The three-pack of condoms nestled patiently in his pocket, coiled like snakes.

In her musty apartment, he used only one of them. To his surprise, all her furniture had been moved out; they jammed her lumpy suitcases together and made an uncomfortable bed. He was careful not to stay a second more than necessary, lest Helen think he'd spent too long a time for even a literary goodbye.

A thick swollen stream ran through the women's college grounds and Garp discarded the remaining two prophylactics there, throwing them furtively out the window of his moving car—imagining that an alert campus cop might have seen him and would already be scrambling down the bank to retrieve the evidence: the rubbers plucked out of the current! The discovered weapon that leads back to the crime for which it was used.

But no one saw him, no one found him out. Even Helen, already asleep, would not have found the smell of sex peculiar: after all, only hours before, he had legitimately acquired the odor. Even so, Garp showered, and slipped cleanly into his own safe bed; he curled against Helen, who murmured some affection; instinctively, she thrust one long thigh over his hip. When he failed to respond, she forced her buttocks back against him. Garp's throat ached at her trust, and at his love for her. He felt fondly the slight swell of Helen's pregnancy.
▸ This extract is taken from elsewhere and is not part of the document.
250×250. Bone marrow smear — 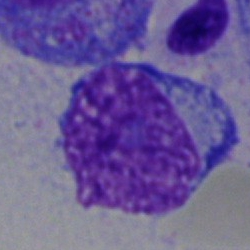 Cell type — typical lymphocyte.

Duncan was a healthy, bright child. Garp's first novel had at least made him what he said he wanted to be. Lust still troubled Garp's young life, but he was fortunate that his wife still lusted for him, and he for her. Now a second child would join their careful, orderly adventure. He felt Helen's belly anxiously—for a kick, a sign of life. Although he'd agreed with Helen that it would be nice to have a girl, Garp hoped for another boy.

Why? he thought. He recalled the girl in the park, his image of the tongueless Ellen James, his own mother's difficult decisions. He felt fortunate to be with Helen; she had her own ambitions and he could not manipulate her. But he remembered the Kдrntnerstrasse whores, and Cushie Percy (who would die making a baby). And now—her scent still on him, or at least on his mind, although he had washed—the plundered Little Squab Bones. Cindy had cried under him, her back bent against a suitcase. A blue vein had pulsed at her temple, which was the translucent temple of a fair-skinned child. And though Cindy still had her tongue, she'd been unable to speak to him when he left her.

Garp didn't want a daughter because of men. Because of bad men, certainly; but even, he thought, because of men like me.